■ **Items from a data source**
-*-*-

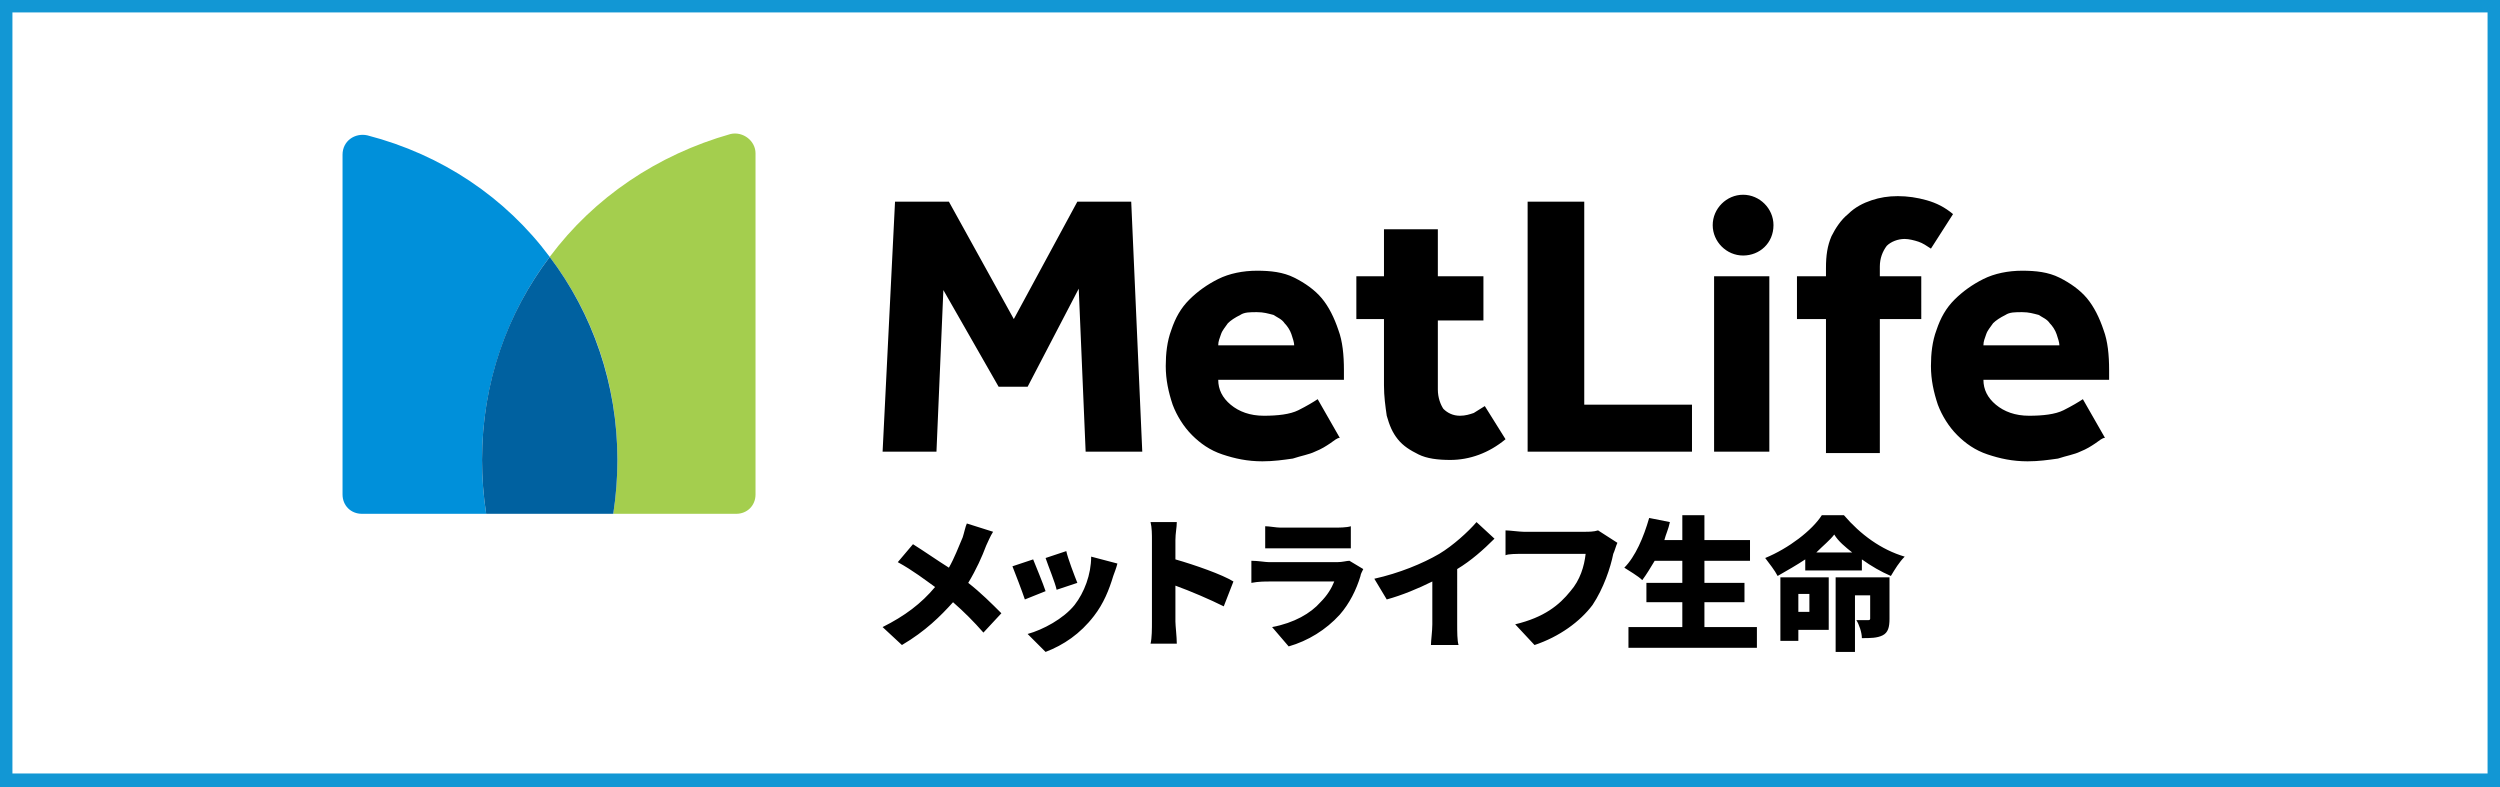 <?xml version="1.0" encoding="utf-8"?>
<svg version="1.1" xmlns="http://www.w3.org/2000/svg" xmlns:xlink="http://www.w3.org/1999/xlink" x="0px" y="0px" width="181px" height="57px" viewBox="0 0 181 57" style="enable-background:new 0 0 181 57;" xml:space="preserve">
<style type="text/css">
	.st0{fill:#1297D4;}
	.st1{fill:#A4CE4E;}
	.st2{fill:#0090DA;}
	.st3{fill:#0061A0;}
</style>
<g>
	<path class="st0" d="M180.1,0.9V56H0.9V0.9H180.1 M181,0H0v57h181V0L181,0z"/>
</g>
<g>
	<path d="M71.9,38.5c-0.2,0.3-0.4,0.8-0.5,1c-0.3,0.8-0.7,1.7-1.3,2.7c0.9,0.7,1.7,1.5,2.4,2.2l-1.3,1.4c-0.7-0.8-1.4-1.5-2.2-2.2
		c-0.9,1-2,2.1-3.7,3.1l-1.4-1.3c1.6-0.8,2.8-1.7,3.8-2.9C67,42,66.1,41.3,65,40.7l1.1-1.3c0.8,0.5,1.8,1.2,2.6,1.7
		c0.4-0.7,0.7-1.5,1-2.2c0.1-0.3,0.2-0.8,0.3-1L71.9,38.5z M75.7,42.8l-1.5,0.6c-0.2-0.6-0.7-1.9-0.9-2.4l1.5-0.5
		C75,41,75.5,42.2,75.7,42.8z M80.9,40.8c-0.1,0.4-0.2,0.6-0.3,0.9c-0.3,1-0.7,2-1.4,2.9c-1,1.3-2.2,2.1-3.5,2.6l-1.3-1.3
		c1.1-0.3,2.6-1.1,3.4-2.1c0.7-0.9,1.2-2.2,1.2-3.5L80.9,40.8z M78,42.2l-1.5,0.5c-0.1-0.5-0.6-1.7-0.8-2.3l1.5-0.5
		C77.3,40.4,77.8,41.7,78,42.2z M88.6,43.9c-1-0.5-2.4-1.1-3.5-1.5v2.6c0,0.3,0.1,1.1,0.1,1.6h-1.9c0.1-0.4,0.1-1.1,0.1-1.6v-5.9
		c0-0.4,0-0.9-0.1-1.3h1.9c0,0.4-0.1,0.8-0.1,1.3v1.4c1.4,0.4,3.4,1.1,4.2,1.6L88.6,43.9z M98.7,41.2c-0.1,0.2-0.2,0.4-0.2,0.5
		c-0.3,1-0.8,2-1.5,2.8c-1,1.1-2.3,1.9-3.7,2.3l-1.2-1.4c1.6-0.3,2.8-1,3.5-1.8c0.5-0.5,0.8-1,1-1.5h-4.7c-0.3,0-0.8,0-1.3,0.1v-1.6
		c0.5,0,1,0.1,1.3,0.1h4.9c0.4,0,0.7-0.1,0.9-0.1L98.7,41.2z M91.6,38.1c0.3,0,0.8,0.1,1.1,0.1h3.9c0.3,0,0.9,0,1.2-0.1v1.6
		c-0.3,0-0.8,0-1.2,0h-3.9c-0.3,0-0.8,0-1.1,0V38.1z M105.5,45.2c0,0.5,0,1.2,0.1,1.5h-2c0-0.3,0.1-1,0.1-1.5v-3.1
		c-1,0.5-2.2,1-3.3,1.3l-0.9-1.5c1.8-0.4,3.5-1.1,4.7-1.8c1-0.6,2.1-1.6,2.7-2.3l1.3,1.2c-0.8,0.8-1.7,1.6-2.7,2.2V45.2z
		 M117.1,39.3c-0.1,0.2-0.2,0.6-0.3,0.8c-0.2,1-0.7,2.5-1.5,3.7c-0.9,1.2-2.4,2.3-4.2,2.9l-1.4-1.5c2.1-0.5,3.2-1.4,4-2.4
		c0.7-0.8,1-1.8,1.1-2.7h-4.5c-0.5,0-1.1,0-1.3,0.1v-1.8c0.3,0,1,0.1,1.3,0.1h4.5c0.2,0,0.6,0,0.9-0.1L117.1,39.3z M127.2,45.4v1.5
		h-9.3v-1.5h3.9v-1.8h-2.6v-1.4h2.6v-1.6h-2c-0.3,0.5-0.6,1-0.9,1.4c-0.3-0.3-1-0.7-1.3-0.9c0.8-0.8,1.4-2.2,1.8-3.6l1.5,0.3
		c-0.1,0.5-0.3,0.9-0.4,1.3h1.3v-1.8h1.6v1.8h3.3v1.5h-3.3v1.6h2.9v1.4h-2.9v1.8H127.2z M133.5,37.3c1.2,1.4,2.7,2.5,4.4,3
		c-0.4,0.4-0.7,0.9-1,1.4c-0.7-0.3-1.4-0.7-2.1-1.2v0.8h-4.1v-0.8c-0.6,0.4-1.3,0.8-2,1.2c-0.2-0.4-0.6-0.9-0.9-1.3
		c1.7-0.7,3.4-2,4.1-3.1H133.5z M132.4,45.6h-2.2v0.8h-1.3v-4.6h3.5V45.6z M130.2,43v1.3h0.8V43H130.2z M134.1,40
		c-0.5-0.4-1-0.8-1.3-1.3c-0.3,0.4-0.8,0.8-1.3,1.3H134.1z M136.8,44.8c0,0.6-0.1,1-0.5,1.2c-0.4,0.2-0.9,0.2-1.5,0.2
		c0-0.4-0.2-1-0.4-1.3c0.3,0,0.7,0,0.8,0c0.1,0,0.2,0,0.2-0.1v-1.7h-1.1v4.1h-1.4v-5.4h3.9V44.8z"/>
	<g>
		<g>
			<path id="XMLID_19_" class="st1" d="M39.8,18.6c3.1,4.1,4.9,9.1,4.9,14.7c0,1.3-0.1,2.6-0.3,3.9h8.9c0.8,0,1.4-0.6,1.4-1.4V11.1
				c0-0.9-0.9-1.6-1.8-1.4C47.6,11.2,43,14.3,39.8,18.6z"/>
			<path id="XMLID_18_" class="st2" d="M35.2,37.2c-0.2-1.3-0.3-2.6-0.3-3.9c0-5.5,1.8-10.6,4.9-14.7c-3.2-4.3-7.8-7.4-13.2-8.8
				c-0.9-0.2-1.8,0.4-1.8,1.4v24.6c0,0.8,0.6,1.4,1.4,1.4H35.2z"/>
			<path id="XMLID_17_" class="st3" d="M39.8,18.6c-3.1,4.1-4.9,9.1-4.9,14.7c0,1.3,0.1,2.6,0.3,3.9h9.2c0.2-1.3,0.3-2.6,0.3-3.9
				C44.7,27.8,42.9,22.7,39.8,18.6z"/>
		</g>
		<path d="M126.2,18.5c-1.2,0-2.2-1-2.2-2.2c0-1.2,1-2.2,2.2-2.2c1.2,0,2.2,1,2.2,2.2C128.4,17.6,127.4,18.5,126.2,18.5z M63.9,32.7
			h3.9L68.3,21l4,7h2.1l3.7-7.1l0.5,11.8h4.1l-0.8-18.1H78l-4.6,8.5l-4.7-8.5h-3.9L63.9,32.7z M95.4,28.9c-0.3,0.2-0.8,0.5-1.4,0.8
			c-0.6,0.3-1.5,0.4-2.5,0.4c-1,0-1.8-0.3-2.4-0.8c-0.6-0.5-0.9-1.1-0.9-1.8h9.1v-0.7c0-1.1-0.1-2.1-0.4-2.9
			c-0.3-0.9-0.7-1.7-1.2-2.3c-0.5-0.6-1.2-1.1-2-1.5c-0.8-0.4-1.7-0.5-2.7-0.5c-1,0-2,0.2-2.8,0.6c-0.8,0.4-1.5,0.9-2.1,1.5
			c-0.6,0.6-1,1.3-1.3,2.2c-0.3,0.8-0.4,1.7-0.4,2.6c0,1,0.2,1.9,0.5,2.8c0.3,0.8,0.8,1.6,1.4,2.2c0.6,0.6,1.3,1.1,2.2,1.4
			c0.9,0.3,1.8,0.5,2.9,0.5c0.8,0,1.5-0.1,2.2-0.2c0.6-0.2,1.2-0.3,1.6-0.5c0.5-0.2,0.8-0.4,1.1-0.6c0.3-0.2,0.5-0.4,0.7-0.4
			L95.4,28.9z M88.2,25c0-0.3,0.1-0.5,0.2-0.8c0.1-0.3,0.3-0.5,0.5-0.8c0.2-0.2,0.5-0.4,0.9-0.6c0.3-0.2,0.7-0.2,1.2-0.2
			c0.5,0,0.8,0.1,1.2,0.2c0.3,0.2,0.6,0.3,0.8,0.6c0.2,0.2,0.4,0.5,0.5,0.8c0.1,0.3,0.2,0.6,0.2,0.8H88.2z M110.6,32.7h11.9v-3.4
			h-7.8V14.6h-4.1V32.7z M124.2,32.7h3.9V20h-2h-2V32.7z M141.4,15.5c-0.6-0.5-1.2-0.8-1.9-1c-0.7-0.2-1.4-0.3-2.1-0.3
			c-0.7,0-1.3,0.1-1.9,0.3c-0.6,0.2-1.2,0.5-1.7,1c-0.5,0.4-0.9,1-1.2,1.6c-0.3,0.7-0.4,1.4-0.4,2.3V20h-2.1v3.1h2.1v9.7h3.9v-9.7h3
			V20h-3v-0.7c0-0.6,0.2-1.1,0.5-1.5c0.3-0.3,0.8-0.5,1.3-0.5c0.3,0,0.7,0.1,1,0.2c0.3,0.1,0.6,0.3,0.9,0.5L141.4,15.5z M107.5,29.4
			c-0.3,0.2-0.5,0.3-0.8,0.5c-0.3,0.1-0.6,0.2-1,0.2c-0.5,0-0.9-0.2-1.2-0.5c-0.2-0.3-0.4-0.8-0.4-1.4v-5h3.3V20h-3.3v-3.4h-3.9V20
			h-2v3.1h2v4.8c0,0.8,0.1,1.5,0.2,2.2c0.2,0.7,0.4,1.2,0.8,1.7c0.4,0.5,0.9,0.8,1.5,1.1c0.6,0.3,1.4,0.4,2.3,0.4
			c1.4,0,2.8-0.5,4-1.5L107.5,29.4z M150.8,28.9c-0.3,0.2-0.8,0.5-1.4,0.8c-0.6,0.3-1.5,0.4-2.5,0.4c-1,0-1.8-0.3-2.4-0.8
			c-0.6-0.5-0.9-1.1-0.9-1.8h9.1v-0.7c0-1.1-0.1-2.1-0.4-2.9c-0.3-0.9-0.7-1.7-1.2-2.3c-0.5-0.6-1.2-1.1-2-1.5
			c-0.8-0.4-1.7-0.5-2.7-0.5c-1,0-2,0.2-2.8,0.6c-0.8,0.4-1.5,0.9-2.1,1.5c-0.6,0.6-1,1.3-1.3,2.2c-0.3,0.8-0.4,1.7-0.4,2.6
			c0,1,0.2,1.9,0.5,2.8c0.3,0.8,0.8,1.6,1.4,2.2c0.6,0.6,1.3,1.1,2.2,1.4c0.9,0.3,1.8,0.5,2.9,0.5c0.8,0,1.5-0.1,2.2-0.2
			c0.6-0.2,1.2-0.3,1.6-0.5c0.5-0.2,0.8-0.4,1.1-0.6c0.3-0.2,0.5-0.4,0.7-0.4L150.8,28.9z M143.6,25c0-0.3,0.1-0.5,0.2-0.8
			c0.1-0.3,0.3-0.5,0.5-0.8c0.2-0.2,0.5-0.4,0.9-0.6c0.3-0.2,0.7-0.2,1.2-0.2c0.5,0,0.8,0.1,1.2,0.2c0.3,0.2,0.6,0.3,0.8,0.6
			c0.2,0.2,0.4,0.5,0.5,0.8c0.1,0.3,0.2,0.6,0.2,0.8H143.6z"/>
	</g>
</g>
</svg>

-*-*-

■ **Task goal**
When you find a line in the records that contains the word "style", copy it.

■ **Finished exercise**
<svg version="1.1" xmlns="http://www.w3.org/2000/svg" xmlns:xlink="http://www.w3.org/1999/xlink" x="0px" y="0px" width="181px" height="57px" viewBox="0 0 181 57" style="enable-background:new 0 0 181 57;" xml:space="preserve">
<style type="text/css">
</style>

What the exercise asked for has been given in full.